Referring to fig. 2, in an embodiment of the present application, fig. 2 is a cross-sectional view of a semiconductor device 1, for example, a four-terminal semiconductor device with MOM capacitor. The direction in which the first electrodes 3 and the second electrodes 4 are alternately arranged is referred to as a first direction X, and the direction perpendicular to the first direction X is referred to as a second direction Y. The cross section shown in fig. 2 is continuously formed within a predetermined range in the depth direction perpendicular to the first direction X and the second direction Y, which is not described in detail in the present application.

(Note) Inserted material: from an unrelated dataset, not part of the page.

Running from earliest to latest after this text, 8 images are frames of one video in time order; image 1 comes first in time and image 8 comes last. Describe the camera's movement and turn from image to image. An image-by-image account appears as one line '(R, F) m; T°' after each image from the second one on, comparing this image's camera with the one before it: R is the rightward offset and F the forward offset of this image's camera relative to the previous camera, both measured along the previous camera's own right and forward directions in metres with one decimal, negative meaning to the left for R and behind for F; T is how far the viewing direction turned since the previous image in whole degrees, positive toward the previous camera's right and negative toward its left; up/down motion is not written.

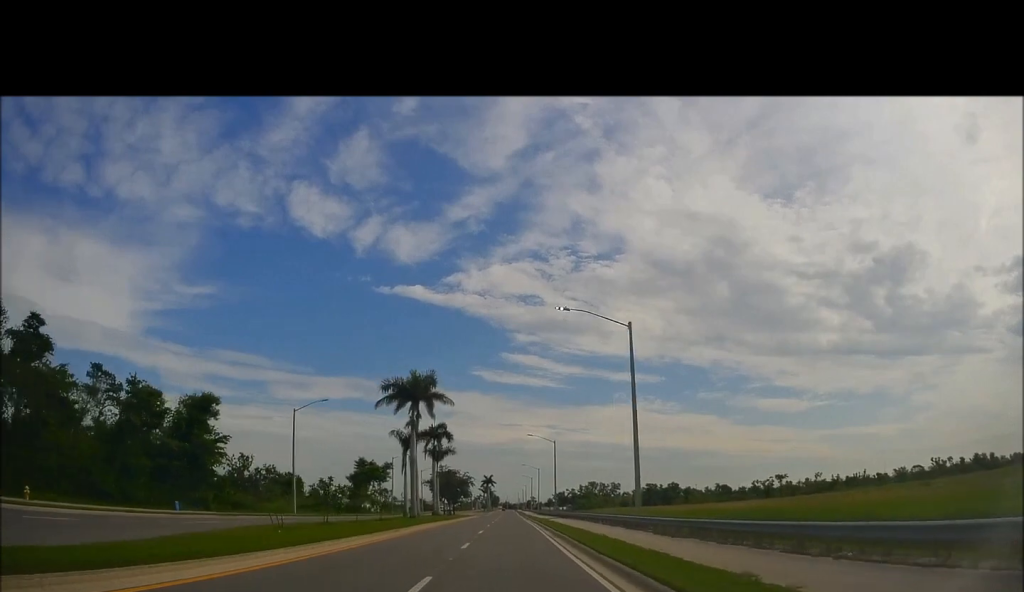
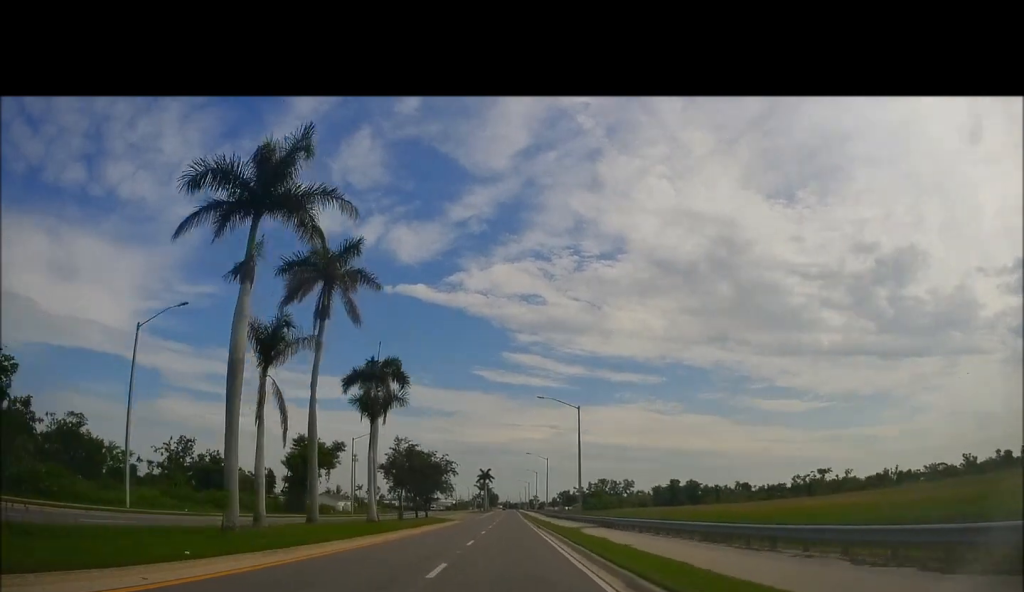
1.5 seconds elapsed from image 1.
(-0.2, +33.4) m; 0°
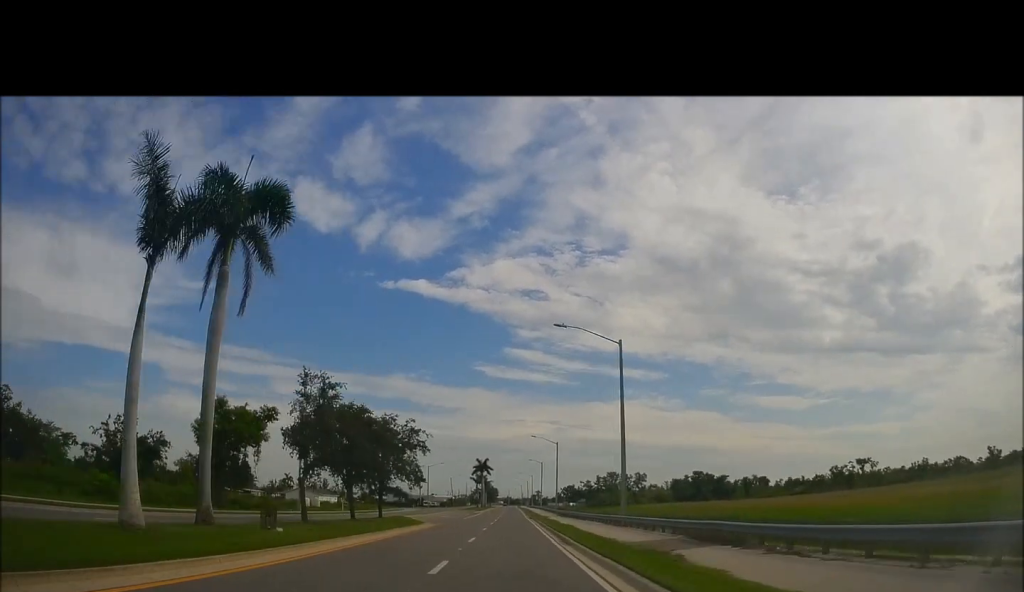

Referring to fig. 2 to 3, in an embodiment of the present application, fig. 3 is a top view of the semiconductor device shown in fig. 2. The semiconductor device 1 includes a MOM capacitor 2, a first shielding portion 5, and a second shielding portion 6, wherein the MOM capacitor 2 is a capacitor element using a coupling capacitance between wirings, the MOM capacitor 2 includes a first electrode 3 and a second electrode 4, and the first electrode 3 and the second electrode 4 are alternately arranged. The first shielding portion 5 is provided in the stacking direction of the semiconductor device 1, that is, in the second direction Y, the first shielding portion 5 is provided on one side of the first electrode 3 and the second electrode 4, and the second shielding portion 6 is provided on the other side of the first electrode 3 and the second electrode 4 in the second direction Y. That is, in the second direction Y, the first shielding part 5 and the second shielding part 6 are disposed at both sides of the MOM capacitor 2, and the first shielding part 5 and the second shielding part 6 are disposed to be electrically insulated in a region between both sides of the MOM capacitor 2.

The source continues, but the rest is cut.